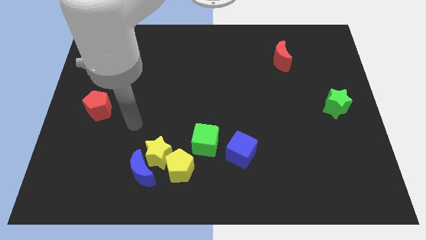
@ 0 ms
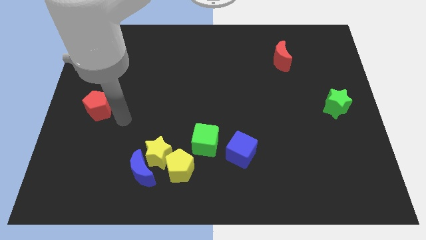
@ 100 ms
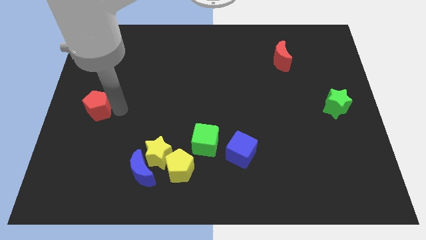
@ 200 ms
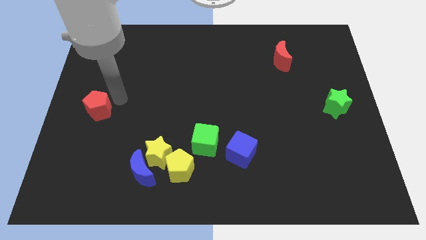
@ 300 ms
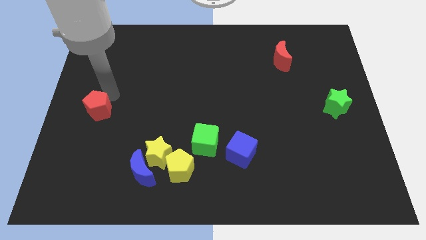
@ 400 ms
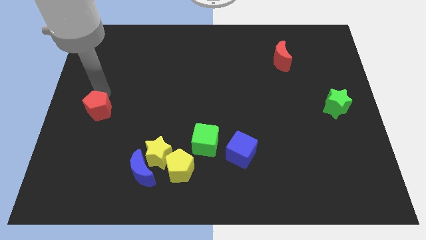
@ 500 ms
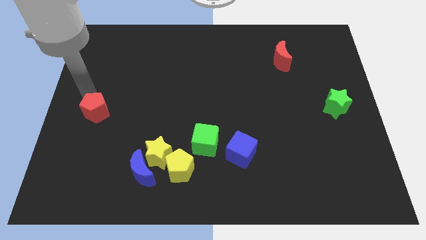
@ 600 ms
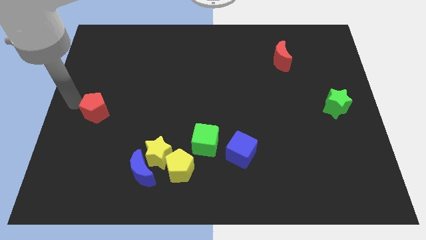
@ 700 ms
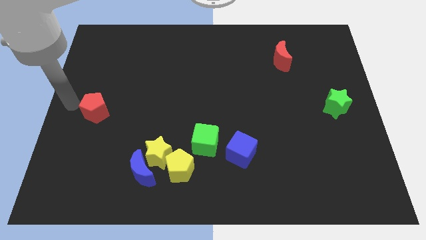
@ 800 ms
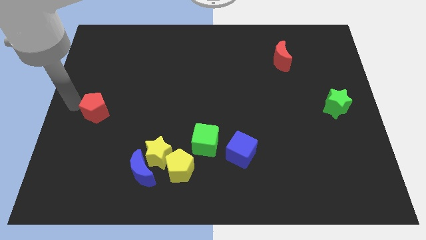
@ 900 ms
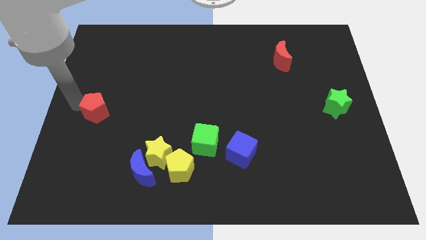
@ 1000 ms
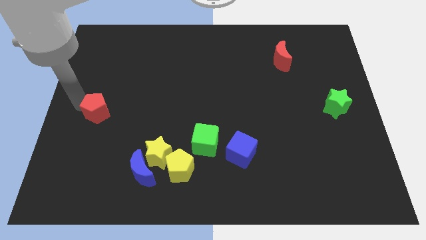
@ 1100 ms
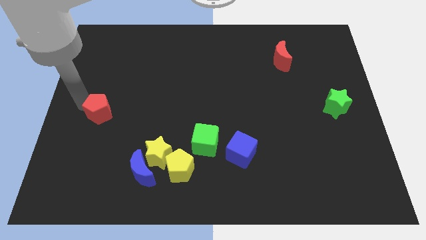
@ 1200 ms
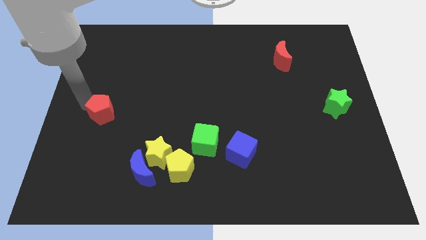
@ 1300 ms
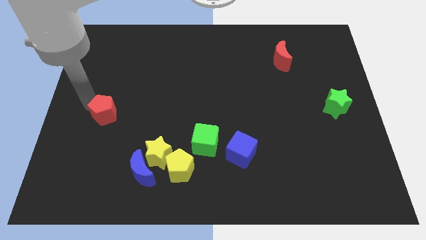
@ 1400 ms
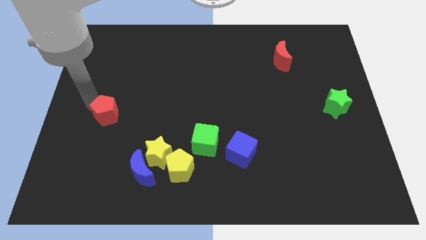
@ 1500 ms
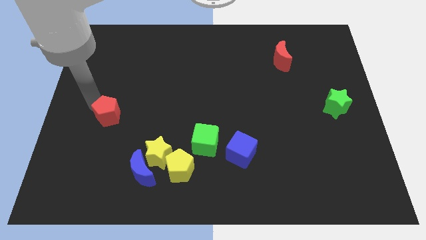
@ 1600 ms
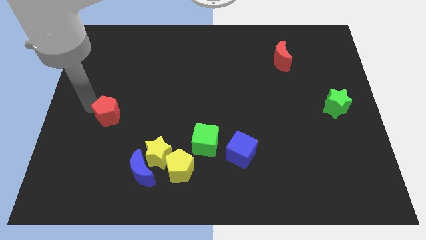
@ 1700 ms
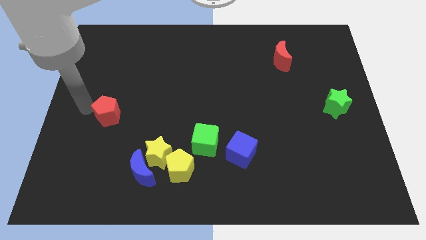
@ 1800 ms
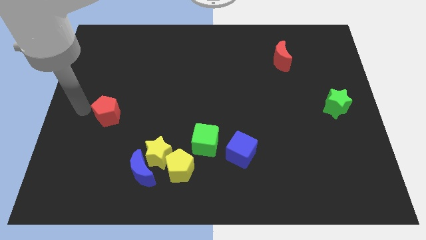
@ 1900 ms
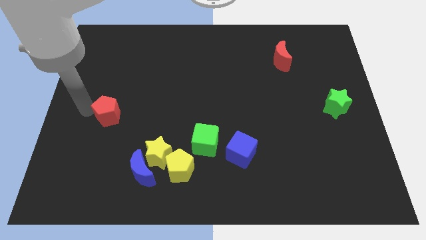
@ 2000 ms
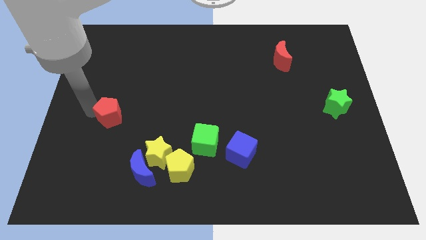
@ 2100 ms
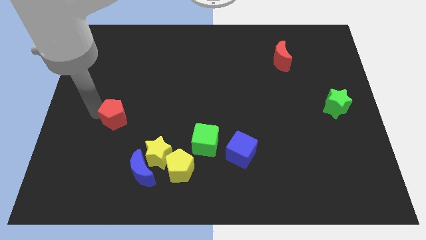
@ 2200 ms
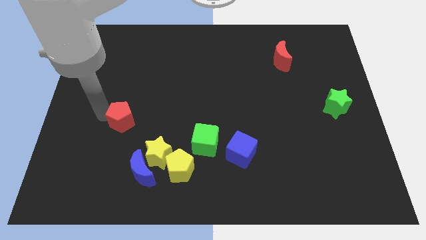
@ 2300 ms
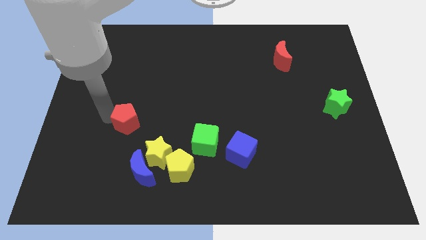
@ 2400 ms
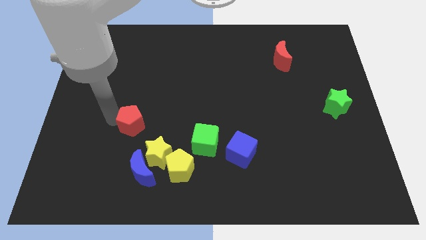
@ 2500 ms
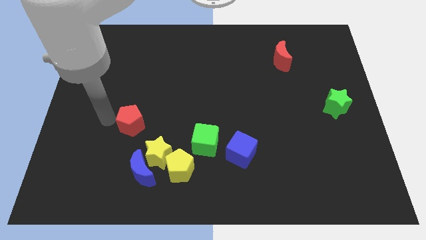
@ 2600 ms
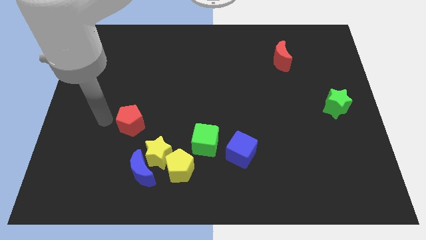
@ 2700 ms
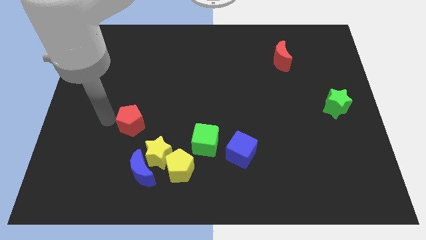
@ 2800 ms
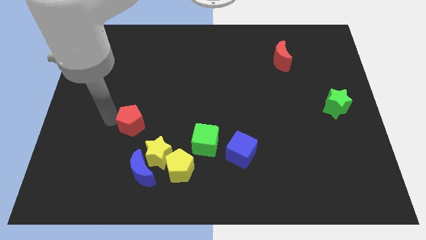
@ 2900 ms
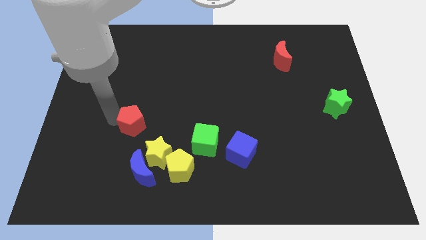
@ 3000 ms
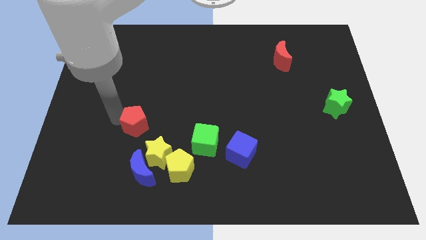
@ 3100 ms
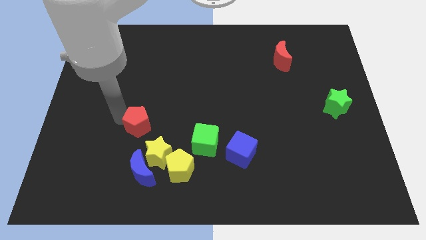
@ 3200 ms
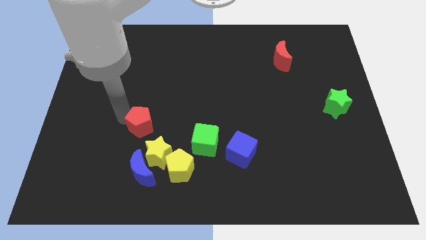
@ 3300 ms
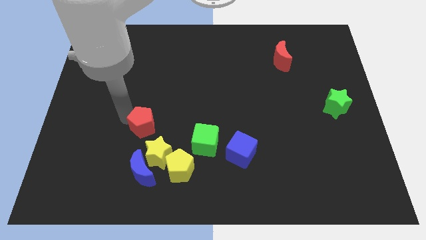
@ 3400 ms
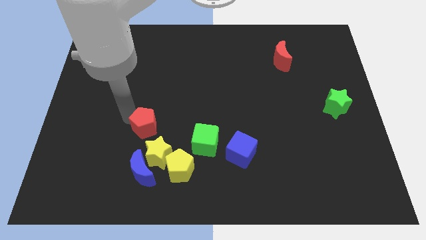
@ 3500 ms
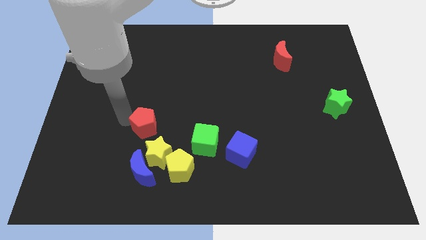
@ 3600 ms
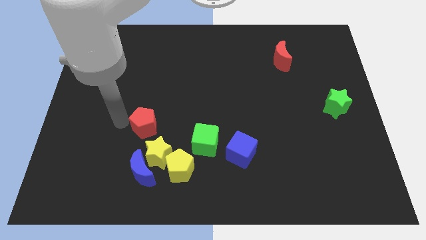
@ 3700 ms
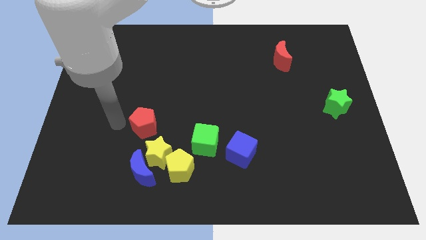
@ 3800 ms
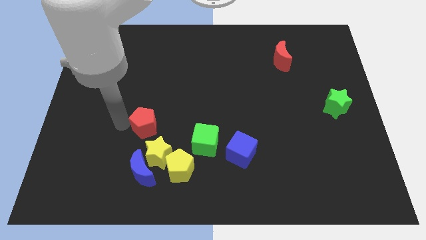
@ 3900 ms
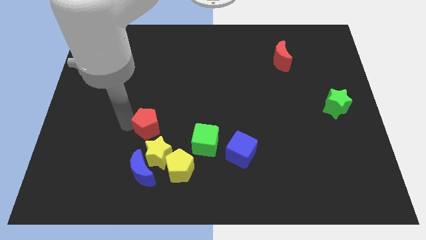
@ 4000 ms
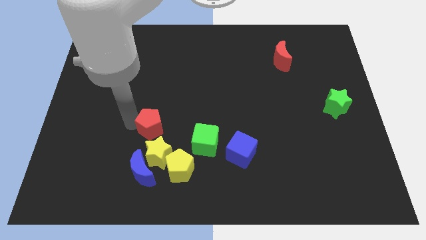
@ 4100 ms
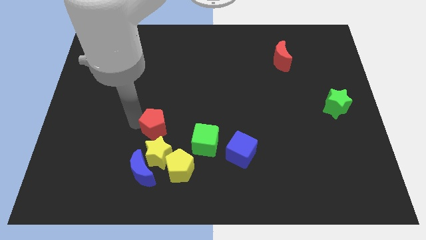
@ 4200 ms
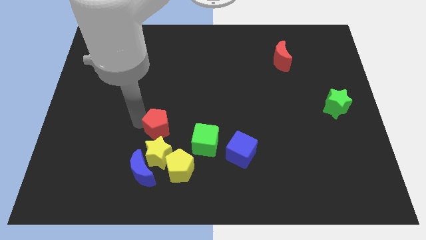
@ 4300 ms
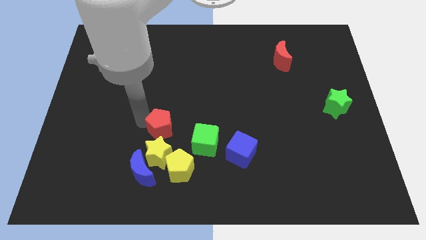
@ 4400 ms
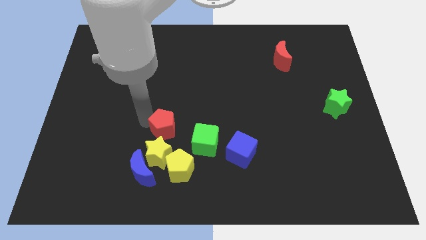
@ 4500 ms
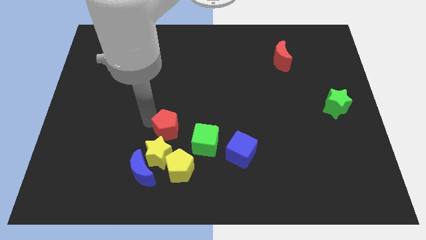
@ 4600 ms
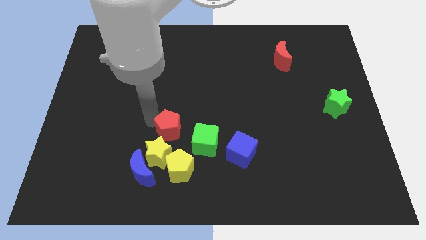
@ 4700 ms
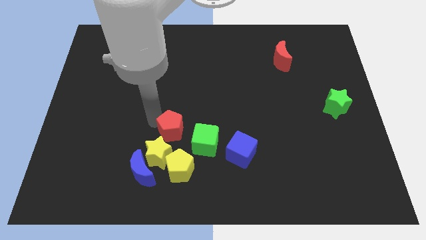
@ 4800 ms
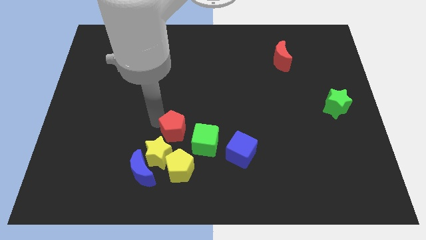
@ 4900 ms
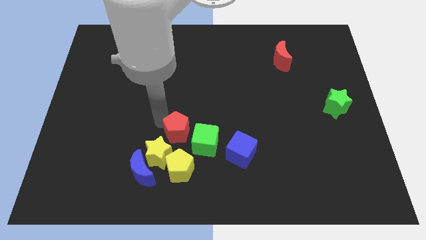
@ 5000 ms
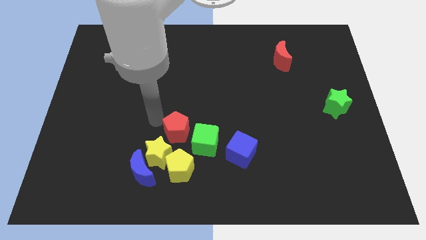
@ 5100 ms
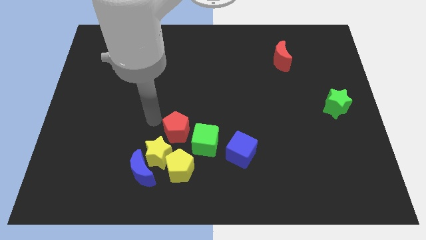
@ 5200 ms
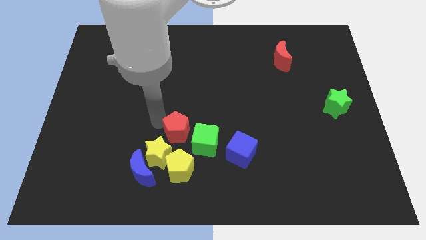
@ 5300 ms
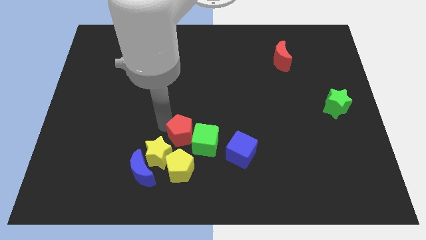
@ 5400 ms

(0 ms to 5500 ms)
slide the red pentagon towards the green cube
☆ ☆ ☆ ☆ ☆
WORK TO BE COMPLETED => Before duplicating the entries above, strip out the pictures and keep the rest exact.

RESULT OF THE EXERCISE =>
@ 0 ms
@ 100 ms
@ 200 ms
@ 300 ms
@ 400 ms
@ 500 ms
@ 600 ms
@ 700 ms
@ 800 ms
@ 900 ms
@ 1000 ms
@ 1100 ms
@ 1200 ms
@ 1300 ms
@ 1400 ms
@ 1500 ms
@ 1600 ms
@ 1700 ms
@ 1800 ms
@ 1900 ms
@ 2000 ms
@ 2100 ms
@ 2200 ms
@ 2300 ms
@ 2400 ms
@ 2500 ms
@ 2600 ms
@ 2700 ms
@ 2800 ms
@ 2900 ms
@ 3000 ms
@ 3100 ms
@ 3200 ms
@ 3300 ms
@ 3400 ms
@ 3500 ms
@ 3600 ms
@ 3700 ms
@ 3800 ms
@ 3900 ms
@ 4000 ms
@ 4100 ms
@ 4200 ms
@ 4300 ms
@ 4400 ms
@ 4500 ms
@ 4600 ms
@ 4700 ms
@ 4800 ms
@ 4900 ms
@ 5000 ms
@ 5100 ms
@ 5200 ms
@ 5300 ms
@ 5400 ms

(0 ms to 5500 ms)
slide the red pentagon towards the green cube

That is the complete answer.